There were brief respites in the moods. Mark would unexpectedly emerge from his preoccupation and discover her again, almost surprised by her presence and her loveliness. His passion would leave her breathless and confused. She wanted to tell him, but in the moments when they could talk, when they held each other and loved each other, the words she planned to say sounded foolish. Because, then, there was nothing wrong.
When the bad periods came, as they did more and more often as the weeks passed, she couldn’t talk to him because then he didn’t hear her.
I have to do something, she thought again as she watched the snowflakes glitter and die. That cold snowy January night Kathleen made a decision.
It was wrong. It was an invasion of his privacy, but she had to know. Maybe it would give her the answer. Quickly, before she lost her courage, Kathleen went to Mark’s study.
She looked at the desk in dismay. Mark had straightened it before leaving for the hospital. The top of the carved oak desk was bare. The mysterious papers had vanished. Mark had carefully put them away—hidden them—before he left, so that she wouldn’t see them.
I have to do this, she told herself, fighting her own guilt. She closed her eyes and tried to visualize what had been on the desk.
A book. Large. Blue. Kathleen searched the bookshelves. It was on the lower shelf. A textbook of cardiology. Kathleen’s fingers trembled as she flipped through the pages of scientific text interspersed with electrocardiographic tracings.

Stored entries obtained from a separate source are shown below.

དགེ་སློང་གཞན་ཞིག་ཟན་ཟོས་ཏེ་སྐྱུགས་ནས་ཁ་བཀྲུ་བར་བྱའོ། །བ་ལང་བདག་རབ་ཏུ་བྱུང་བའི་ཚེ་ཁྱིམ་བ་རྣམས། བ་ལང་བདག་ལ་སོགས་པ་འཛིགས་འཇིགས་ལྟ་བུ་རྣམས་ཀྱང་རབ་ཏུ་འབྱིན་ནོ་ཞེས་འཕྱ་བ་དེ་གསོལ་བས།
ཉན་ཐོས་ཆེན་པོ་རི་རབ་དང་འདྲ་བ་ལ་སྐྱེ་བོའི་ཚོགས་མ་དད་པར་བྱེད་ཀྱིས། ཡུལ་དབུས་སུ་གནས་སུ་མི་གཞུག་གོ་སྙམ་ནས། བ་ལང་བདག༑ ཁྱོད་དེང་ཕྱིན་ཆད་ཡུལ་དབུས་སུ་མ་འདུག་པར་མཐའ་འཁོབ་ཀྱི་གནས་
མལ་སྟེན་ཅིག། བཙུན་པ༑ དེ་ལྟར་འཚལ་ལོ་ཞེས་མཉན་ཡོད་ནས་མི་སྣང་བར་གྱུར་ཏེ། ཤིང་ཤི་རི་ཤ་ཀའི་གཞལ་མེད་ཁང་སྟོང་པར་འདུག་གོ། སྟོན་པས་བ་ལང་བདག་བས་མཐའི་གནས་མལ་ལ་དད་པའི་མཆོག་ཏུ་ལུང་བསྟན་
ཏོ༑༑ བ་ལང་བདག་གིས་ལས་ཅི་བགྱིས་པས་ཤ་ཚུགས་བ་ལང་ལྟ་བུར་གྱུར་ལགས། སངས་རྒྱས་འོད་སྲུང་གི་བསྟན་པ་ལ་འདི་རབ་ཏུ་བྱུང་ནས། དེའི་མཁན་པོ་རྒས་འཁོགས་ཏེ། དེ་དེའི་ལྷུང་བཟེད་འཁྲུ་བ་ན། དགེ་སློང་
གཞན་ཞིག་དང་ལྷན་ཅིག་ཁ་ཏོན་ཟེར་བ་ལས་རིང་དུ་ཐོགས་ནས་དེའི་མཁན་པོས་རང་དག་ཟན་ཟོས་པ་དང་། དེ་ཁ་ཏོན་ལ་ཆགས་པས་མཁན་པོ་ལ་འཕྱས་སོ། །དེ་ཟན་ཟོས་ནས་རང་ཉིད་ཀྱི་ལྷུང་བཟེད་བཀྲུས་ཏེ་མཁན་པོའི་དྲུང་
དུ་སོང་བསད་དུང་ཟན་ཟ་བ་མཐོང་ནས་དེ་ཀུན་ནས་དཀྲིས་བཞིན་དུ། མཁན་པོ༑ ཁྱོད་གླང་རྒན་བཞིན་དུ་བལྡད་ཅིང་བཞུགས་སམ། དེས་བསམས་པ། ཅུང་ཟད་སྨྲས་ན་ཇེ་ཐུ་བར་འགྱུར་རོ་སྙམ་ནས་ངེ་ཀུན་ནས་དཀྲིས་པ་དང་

It has to be here, she thought. Whatever it is that Mark is hiding from me.
The twenty sheets of lined paper filled with Mark’s meticulous, distinctly non-medical handwriting fell to the floor from the middle of the textbook. The top sheet was a list. The heading at the top of the page was To Do. Kathleen scanned the list briefly. The items seemed routine. Some were crossed out.
Kathleen drew a breath when she saw the last item on the list. Not routine. Not an item. A name.
Leslie.
Kathleen quickly turned to the other pages. It was a story.

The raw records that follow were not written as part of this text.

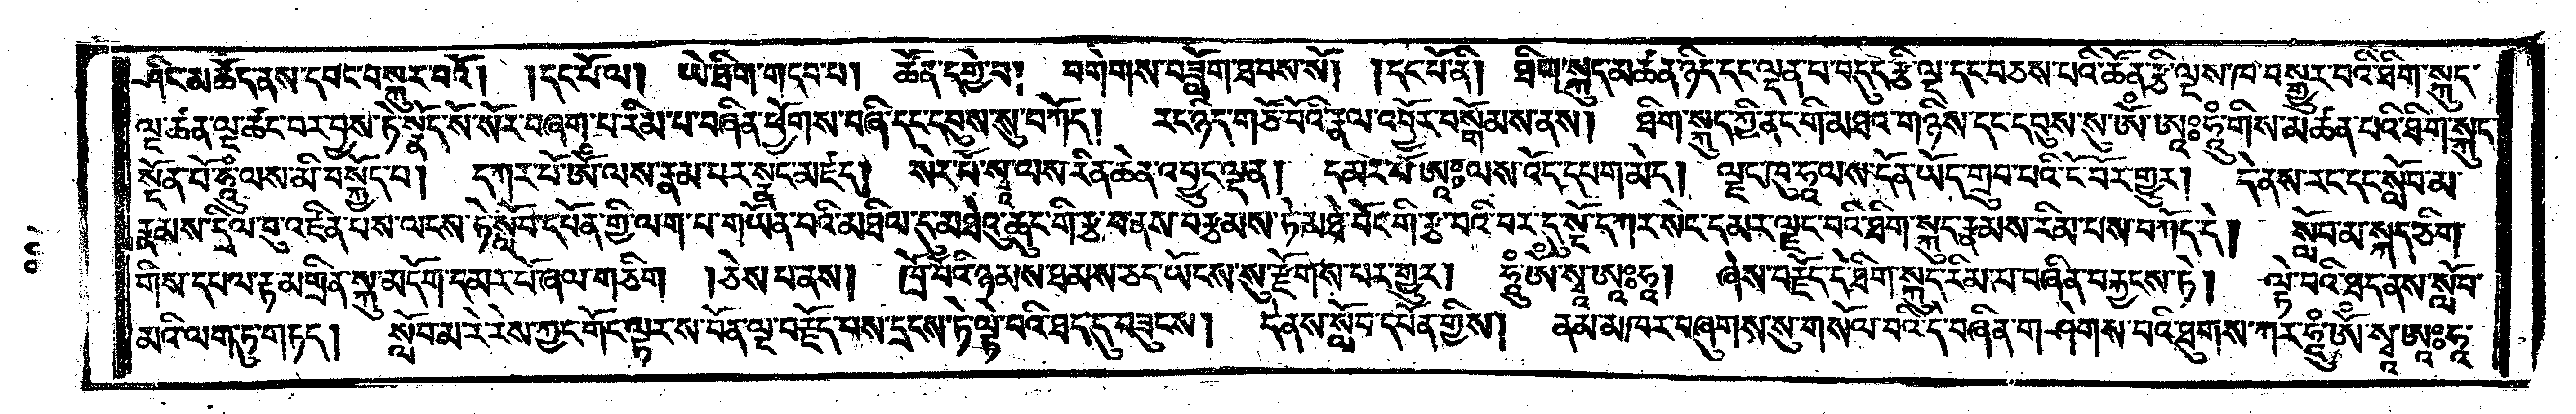ཤིང་མཆོད་ནས་དབང་བསྐུར་བའོ། །དང་པོ་ལ། ཡེ་ཐིག་གདབ་པ། ཚོན་དགྱེ་བ། བགེགས་བཟློག་ཐབས་སོ། །དང་པོ་ནི། ཐིག་སྐུད་མཚན་ཉིད་དང་ལྡན་པ་བདུད་རྩི་ལྔ་དང་བཅས་པའི་ཚོན་རྩི་ལྔས་ཁ་བསྒྱུར་བའི་ཐིག་སྐུད་
ལྔ་ཚན་ལྔ་ཚང་བར་བྱས་ཏེ་སྣོད་སོ་སོར་བཞག་པ་རིམ་པ་བཞིན་ཕྱོགས་བཞི་དང་དབུས་སུ་བཀོད། རང་ཉིད་གཙོ་བོའི་རྣལ་འབྱོར་བསྒོམས་ནས། ཐིག་སྐུད་ཀྱི་ནང་གི་མཐའ་གཉིས་དང་དབུས་སུ་ཨོཾ་ཨཱཿཧཱུཾ་གིས་མཚན་པའི་ཐིག་སྐུད་
སྔོན་པོ་ཧཱུཾ་ལས་མི་བསྐྱོད་བ། དཀར་པོ་ཨོཾ་ལས་རྣམ་པར་སྣང་མཛད། སེར་པོ་སྭཱ་ལས་རིན་ཆེན་འབྱུང་ལྡན། དམར་པོ་ཨཱཿ ལས་འོད་དཔག་མེད། ལྗང་ཁུ་ཧཱ་ལས་དོན་ཡོད་གྲུབ་པའི་ངོ་བོར་གྱུར། དེ་ནས་རང་དང་སློབ་མ་
རྣམས་དྲིལ་བུ་འཛིན་པས་ལངས་ཏེ་སློབ་དཔོན་གྱི་ལག་པ་གཡོན་པའི་མཐིལ་དུ་མཐེའུ་ཆུང་གི་རྩ་བ་ནས་བརྩམས་ཏེ་མཐེ་བོང་གི་རྩ་བའི་བར་དུ་སྔོ་དཀར་སེང་དམར་ལྗང་བའི་ཐིག་སྐུད་རྣམས་རིམ་པས་བཀོད་དེ། སློབ་མ་སྐད་ཅིག་
གིས་དཔལ་རྟ་མགྲིན་སྐུ་མདོག་དམར་པོ་ཞལ་གཅིག །ཅེས་པ་ནས། ཁྲོ་བོའི་ཉམས་ཐམས་ཅད་ཡོངས་སུ་རྫོགས་པར་གྱུར། ཧཱུཾ་ཨོཾ་སྭཱ་ཨཱཿཧཱ། ཞེས་བརྗོད་དེ་ཐིག་སྐུད་རིམ་པ་བཞིན་བརྐྱངས་ཏེ། ལྟེ་བའི་ཐད་ནས་སློབ་
མའི་ལག་ཏུ་གཏད། སློབ་མ་རེ་རེས་ཀྱང་གོང་ལྟར་ས་བོན་ལྔ་བརྗོད་པས་དྲངས་ཏེ་ལྟེ་བའི་ཐད་དུ་བཟུངས། དེ་ནས་སློབ་དཔོན་གྱིས། ནམ་མཁར་བཞུགས་སུ་གསོལ་བའི་དེ་བཞིན་གཤེགས་པའི་ཐུགས་ཀར་ཧཱུཾ་ཨོཾ་སྭཱ་ཨཱཿཧཱ་

Kathleen fell weakly into the overstuffed chair in Mark’s study and began to read.
Leslie didn’t drive straight home. Her apartment wasn’t home anyway. Not without Eric. It was only a place to sleep, and she was exhausted but not sleepy. Instead, she drove west toward the ocean, finding her way through the blur of the blinding rain and her own tears. It was a route she knew by heart, the same route she took from Eric’s penthouse to the Veterans’ Hospital in Lincoln Park. She drove from Broadway to Divisadero to California to Park Presidio to Geary Boulevard and to Point Lobos Avenue. Her winding path brought her finally to the Great Highway and the beach.

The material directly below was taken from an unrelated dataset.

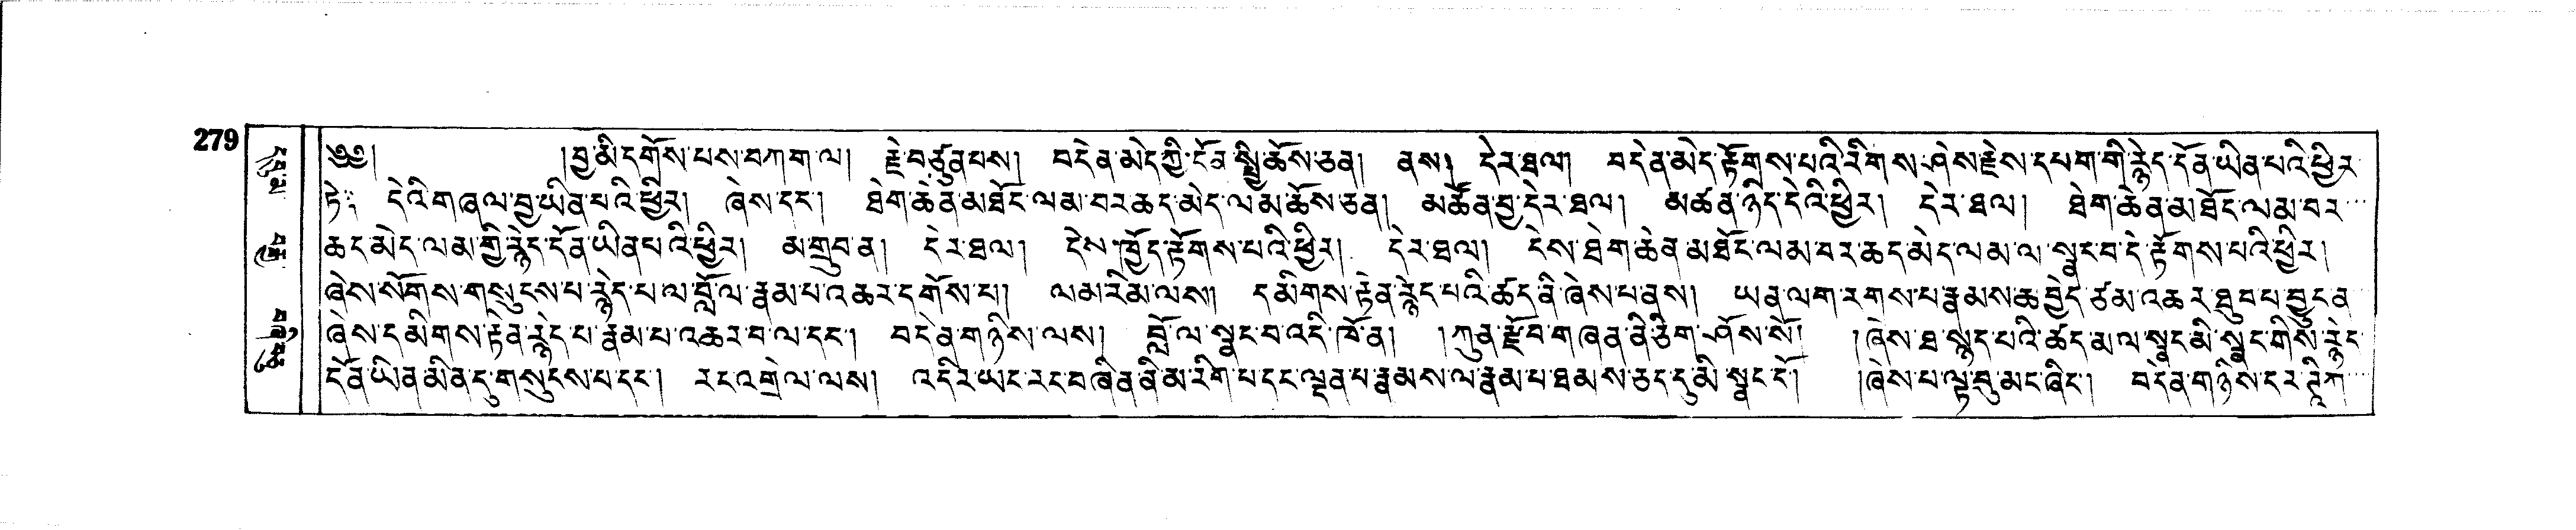༄༅། །བྱ་མི་དགོས་པས་བཀག་ལ། རྗེ་བཙུན་པས། བདེན་མེད་ཀྱི་དོན་སྤྱི་ཆོས་ཅན། ནས། དེར་ཐལ། བདེན་མེད་རྟོགས་པའི་རིགས་ཤེས་རྗེས་དཔག་གི་རྙེད་དོན་ཡིན་པའི་ཕྱིར་
ཏེ༑ དེའི་གཞལ་བྱ་ཡིན་པའི་ཕྱིར། ཞེས་དང་། ཐེག་ཆེན་མཐོང་ལམ་བར་ཆད་མེད་ལམ་ཆོས་ཅན། མཚོན་བྱ་དེར་ཐལ། མཚན་ཉིད་དེའི་ཕྱིར། དེར་ཐལ། ཐེག་ཆེན་མཐོང་ལམ་བར་
ཆད་མེད་ལམ་གྱི་རྙེད་དོན་ཡིན་པའི་ཕྱིར། མ་གྲུབ་ན། དེར་ཐལ། དེས་ཁྱོད་རྟོགས་པའི་ཕྱིར། དེར་ཐལ། ངེས་ཐེག་ཆེན་མཐོང་ལམ་བར་ཆད་མེད་ལམ་ལ་སྣང་བ་དེ་རྟོགས་པའི་ཕྱིར།
ཞེས་སོགས་གསུངས་པ་རྙེད་པ་ལ་བློ་ལ་རྣམ་པ་འཆར་དགོས་པ། ལམ་རིམ་ལས། དམིགས་རྟེན་རྙེད་པའི་ཚད་ནི་ཞེས་པ་ནས། ཡན་ལག་རགས་པ་རྣམས་ཆ་བྱེད་ཙམ་འཆར་ཐུབ་པ་བྱུང་ན་
ཞེས་དམིགས་རྟེན་རྙེད་པ་རྣམ་པ་འཆར་བ་ལ་དང་། བདེན་གཉིས་ལས། བློ་ལ་སྣང་བ་འདི་ཁོ་ན། །ཀུན་རྫོབ་གཞན་ནི་ཅིག་ཤོས་སོ། །ཞེས་ཐ་སྙད་པའི་ཚད་མ་ལ་སྣང་མི་སྣང་གིས་རྙེད་དོན་ཡིན་མིན་དུ་གསུངས་པ་དང་། རང་འགྲེལ་ལས། འདིར་ཡང་རང་བཞིན་ནི་མ་རིག་པ་དང་ལྡན་པ་རྣམས་ལ་རྣམ་པ་ཐམས་ཅད་དུ་མི་སྣང་ངོ། །ཞེས་པ་ལྟ་བུ་མང་ཞིང་། བདེན་གཉིས་དར་ཊཱིཀ་

Leslie parked her car and walked through the heavy, wet sand to the water’s edge. The storm-tossed waves crashed violently at her feet splashing her face with wet salty drops. Huge cold rain drops, propelled by the brisk icy wind, pelted against her. Amidst the chilling dampness of the ocean and the rain. Leslie felt a surprising warmth on her numb cheeks. Tears, she realized. Her own hot tears.
At another time, in a different climate, she would have trudged into the ocean. She would have swum until the turmoil inside her had been purged, thrashed out of her heart and her mind as she thrashed through the pounding waves.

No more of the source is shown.